A deepening rout in global oil prices that has pushed Brent crude to near its lowest level in a year may run further, according to some technical analysts, even as one key indicator suggests the market is already oversold, Reuters reported.
On pace to post a fourth consecutive weekly loss, Brent fell by more than $2 on Tuesday, extending its losses over the past four weeks to more than 9% at $104.39 a barrel, the lowest since early April.
Brent has traded below that only three times in the past year.
While also on pace for a fourth straight weekly loss, the decline in US light sweet crude futures has not been as severe, but the front contract still slipped below the psychologically important $100-a-barrel level on Tuesday, and then below its 200-day moving average at $99.92.
"The near-term downside target is $97.25," said John Kilduff, a partner at Again Capital in New York, said in a report on Tuesday cited by the news wire.
Support might form in a congested area around $97.25 where the most recent reversal to upside occurred in May, said Kilduff, who added that a break of that level could send prices to the March low of $95.05.

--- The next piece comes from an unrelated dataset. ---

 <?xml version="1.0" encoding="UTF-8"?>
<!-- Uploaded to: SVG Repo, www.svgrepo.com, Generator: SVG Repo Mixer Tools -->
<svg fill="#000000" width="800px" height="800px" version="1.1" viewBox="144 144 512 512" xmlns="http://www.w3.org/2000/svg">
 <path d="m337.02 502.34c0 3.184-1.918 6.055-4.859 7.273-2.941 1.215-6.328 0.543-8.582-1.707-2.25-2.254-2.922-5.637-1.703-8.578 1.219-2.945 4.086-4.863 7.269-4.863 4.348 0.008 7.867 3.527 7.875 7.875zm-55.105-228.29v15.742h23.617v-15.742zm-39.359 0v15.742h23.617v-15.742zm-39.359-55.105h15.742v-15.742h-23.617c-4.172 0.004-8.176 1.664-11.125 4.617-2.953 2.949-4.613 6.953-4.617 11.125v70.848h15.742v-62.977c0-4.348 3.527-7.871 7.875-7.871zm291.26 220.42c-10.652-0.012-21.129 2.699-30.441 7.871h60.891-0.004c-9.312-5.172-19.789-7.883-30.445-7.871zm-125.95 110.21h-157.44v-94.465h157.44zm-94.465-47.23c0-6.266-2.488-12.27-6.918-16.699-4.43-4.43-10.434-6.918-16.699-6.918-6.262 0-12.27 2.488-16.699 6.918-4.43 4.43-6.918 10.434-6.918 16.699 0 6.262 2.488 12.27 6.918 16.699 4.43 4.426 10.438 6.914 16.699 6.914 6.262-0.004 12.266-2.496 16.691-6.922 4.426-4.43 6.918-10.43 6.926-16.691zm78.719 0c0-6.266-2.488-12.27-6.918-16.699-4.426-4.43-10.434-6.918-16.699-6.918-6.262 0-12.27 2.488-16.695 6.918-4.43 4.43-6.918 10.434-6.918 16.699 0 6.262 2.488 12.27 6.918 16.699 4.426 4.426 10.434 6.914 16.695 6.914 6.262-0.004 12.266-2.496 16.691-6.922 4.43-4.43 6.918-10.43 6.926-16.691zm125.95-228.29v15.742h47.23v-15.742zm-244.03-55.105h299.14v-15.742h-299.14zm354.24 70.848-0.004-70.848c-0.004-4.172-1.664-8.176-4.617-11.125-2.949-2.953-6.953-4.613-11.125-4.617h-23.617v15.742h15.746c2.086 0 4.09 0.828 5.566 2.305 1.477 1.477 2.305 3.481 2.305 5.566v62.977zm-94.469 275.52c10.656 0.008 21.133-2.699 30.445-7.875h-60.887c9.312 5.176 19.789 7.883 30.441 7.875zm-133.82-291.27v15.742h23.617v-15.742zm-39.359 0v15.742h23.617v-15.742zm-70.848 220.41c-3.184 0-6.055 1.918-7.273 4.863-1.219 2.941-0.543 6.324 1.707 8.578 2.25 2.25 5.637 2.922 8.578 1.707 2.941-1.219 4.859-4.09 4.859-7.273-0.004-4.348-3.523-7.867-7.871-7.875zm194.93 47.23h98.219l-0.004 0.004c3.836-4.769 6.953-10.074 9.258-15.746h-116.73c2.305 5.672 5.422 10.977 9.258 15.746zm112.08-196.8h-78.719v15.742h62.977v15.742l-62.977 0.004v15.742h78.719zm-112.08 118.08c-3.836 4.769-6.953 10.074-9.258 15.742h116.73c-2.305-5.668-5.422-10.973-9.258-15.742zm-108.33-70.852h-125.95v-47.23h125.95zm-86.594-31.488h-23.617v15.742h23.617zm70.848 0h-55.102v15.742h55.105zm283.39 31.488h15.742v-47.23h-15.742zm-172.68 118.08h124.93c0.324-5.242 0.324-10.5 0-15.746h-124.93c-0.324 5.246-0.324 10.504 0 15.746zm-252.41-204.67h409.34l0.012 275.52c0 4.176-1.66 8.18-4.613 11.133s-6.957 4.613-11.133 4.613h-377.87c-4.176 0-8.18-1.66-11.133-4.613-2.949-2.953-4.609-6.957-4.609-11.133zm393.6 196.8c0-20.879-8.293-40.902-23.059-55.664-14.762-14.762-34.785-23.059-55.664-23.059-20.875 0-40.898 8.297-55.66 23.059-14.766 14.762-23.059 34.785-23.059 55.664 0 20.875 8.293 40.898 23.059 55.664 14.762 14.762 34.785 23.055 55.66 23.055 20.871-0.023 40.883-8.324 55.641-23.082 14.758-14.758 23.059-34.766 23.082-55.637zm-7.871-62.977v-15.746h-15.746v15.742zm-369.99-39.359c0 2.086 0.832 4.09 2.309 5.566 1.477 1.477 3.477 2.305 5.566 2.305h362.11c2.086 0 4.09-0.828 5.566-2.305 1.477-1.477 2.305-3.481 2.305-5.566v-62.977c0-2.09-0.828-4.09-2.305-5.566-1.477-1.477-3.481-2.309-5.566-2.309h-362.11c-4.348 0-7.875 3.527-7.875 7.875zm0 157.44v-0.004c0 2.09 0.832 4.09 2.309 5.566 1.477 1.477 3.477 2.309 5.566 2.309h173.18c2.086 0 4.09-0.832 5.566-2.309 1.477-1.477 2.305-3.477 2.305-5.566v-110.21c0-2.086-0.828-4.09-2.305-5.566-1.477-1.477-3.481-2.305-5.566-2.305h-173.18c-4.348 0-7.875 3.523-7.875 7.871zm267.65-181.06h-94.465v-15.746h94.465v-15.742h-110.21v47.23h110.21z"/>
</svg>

The rapid pullback in prices may have been exacerbated by the retreat of big hedge funds and speculators, who had built up a record net long position of 398,746 contracts in US crude oil futures by June 22, according to CFTC data.
That is the equivalent to nearly 400 million barrels of oil. They cut nearly 50,000 contracts over the following three weeks.
"The extent and severity of the long liquidation is made more severe because there is nobody short, nobody left to buy the next dip," added Zimmerman.